Deb & I have Wyangala History – but haven't ridden together for ages now. We were part of the “Mud-Wrestling Biker Chicks” tour (an 'in-joke' – there was no mud-wrestling, honest!) that braved 42C heat to go to the dam – twice – and therefore have a personal interest in the place.

The comparative pics of the dam speak for themselves – here's what you don't get from the pics, though...

The Superb Bakery at Boorowa is just that.

Roadkill smells horrible.

There's a divine scent reminiscent of orange blossom hanging over the road in various spots where the roadkill isn't – I'm such a horticultural numpty that I have no idea where it came from, but it was beautiful.

Clouds of white butterflies rose from mauve roadside flowers in a bizarre sort of Mexican Wave as we rode past them. Some of the silly little buggers splattered themselves on my helmet. One even managed to get inside my visor – how the heck did that happen?

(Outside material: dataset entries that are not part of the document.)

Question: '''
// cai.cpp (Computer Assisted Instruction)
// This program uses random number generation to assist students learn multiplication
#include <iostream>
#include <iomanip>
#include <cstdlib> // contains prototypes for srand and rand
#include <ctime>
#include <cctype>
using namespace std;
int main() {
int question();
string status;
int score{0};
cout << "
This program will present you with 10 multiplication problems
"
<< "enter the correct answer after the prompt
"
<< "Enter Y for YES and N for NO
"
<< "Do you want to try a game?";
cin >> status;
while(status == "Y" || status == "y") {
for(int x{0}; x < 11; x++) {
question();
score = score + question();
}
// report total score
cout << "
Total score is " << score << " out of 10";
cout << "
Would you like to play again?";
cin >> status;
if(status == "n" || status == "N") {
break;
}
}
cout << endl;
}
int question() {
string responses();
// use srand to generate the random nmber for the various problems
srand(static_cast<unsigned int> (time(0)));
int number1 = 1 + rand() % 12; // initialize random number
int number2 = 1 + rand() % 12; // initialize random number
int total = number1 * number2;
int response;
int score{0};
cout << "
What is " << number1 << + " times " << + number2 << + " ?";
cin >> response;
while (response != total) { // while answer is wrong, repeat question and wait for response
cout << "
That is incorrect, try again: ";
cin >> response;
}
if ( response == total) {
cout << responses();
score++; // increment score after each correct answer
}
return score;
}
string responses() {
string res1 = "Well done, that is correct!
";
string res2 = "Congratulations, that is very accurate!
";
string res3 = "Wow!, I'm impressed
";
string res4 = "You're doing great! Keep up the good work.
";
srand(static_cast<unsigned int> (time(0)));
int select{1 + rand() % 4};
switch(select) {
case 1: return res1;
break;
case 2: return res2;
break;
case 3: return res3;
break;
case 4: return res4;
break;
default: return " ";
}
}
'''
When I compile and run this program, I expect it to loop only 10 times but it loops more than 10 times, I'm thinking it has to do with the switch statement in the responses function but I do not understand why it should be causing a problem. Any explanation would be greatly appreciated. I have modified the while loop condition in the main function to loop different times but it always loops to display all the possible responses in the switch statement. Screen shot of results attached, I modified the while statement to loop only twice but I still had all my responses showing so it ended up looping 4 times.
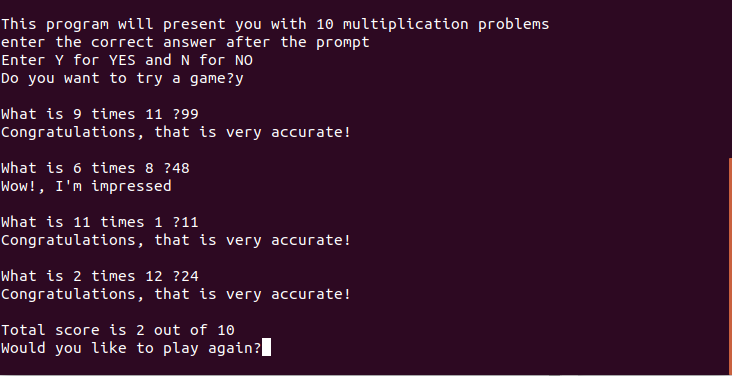
Answer: A few things to note. Your 'for' loop goes up to '< 11', meaning '10'. So 'x' from '0' to '10' (inclusive) is actually '11' times. You need to change the condition to '< 10', or change 'x' to start at '1'.
Second issue, inside the for loop, you are actually calling the 'question' function twice; with the first call's result being ignored. This is why you are getting 4 questions, each answered correctly, but only a score of 2.
Third, not so much an issue, but a bit redundant. At the end of the 'while' loop, you check 'status == "n" || status == "N"', however, this is unnecessary, since the 'while' loop's condition checks for 'y' and 'Y' already.
I've cleaned up your while loop a bit here:
'''
while(status == "Y" || status == "y") {
for(int x = 0; x < 10; ++x) {
score += question();
}
// report total score
cout << "
Total score is " << score << " out of 10";
cout << "
Would you like to play again?";
cin >> status;
}
'''
Unrelated thing to also clean up. You don't need to call 'srand' in the 'question()' function, instead just call it once in 'main'. Also, since this is C++, you can use newer random generators from the '<random>' header.

Just as we got to the dam, thunder rumbled, and we spied forked lightning as well. We spent enough time at the dam to take a couple of pics (thanks, by the way, to the elderly gent who took pics of us in the rain) and then, mission accomplished, we headed for home via a huge goss session at a lovely cafe in Boorowa (a cafe that makes potato scallops from REAL potato!)

Water water all around.... including coming from above!

It was almost 7.30pm when I got home. What a splendid, splendid day!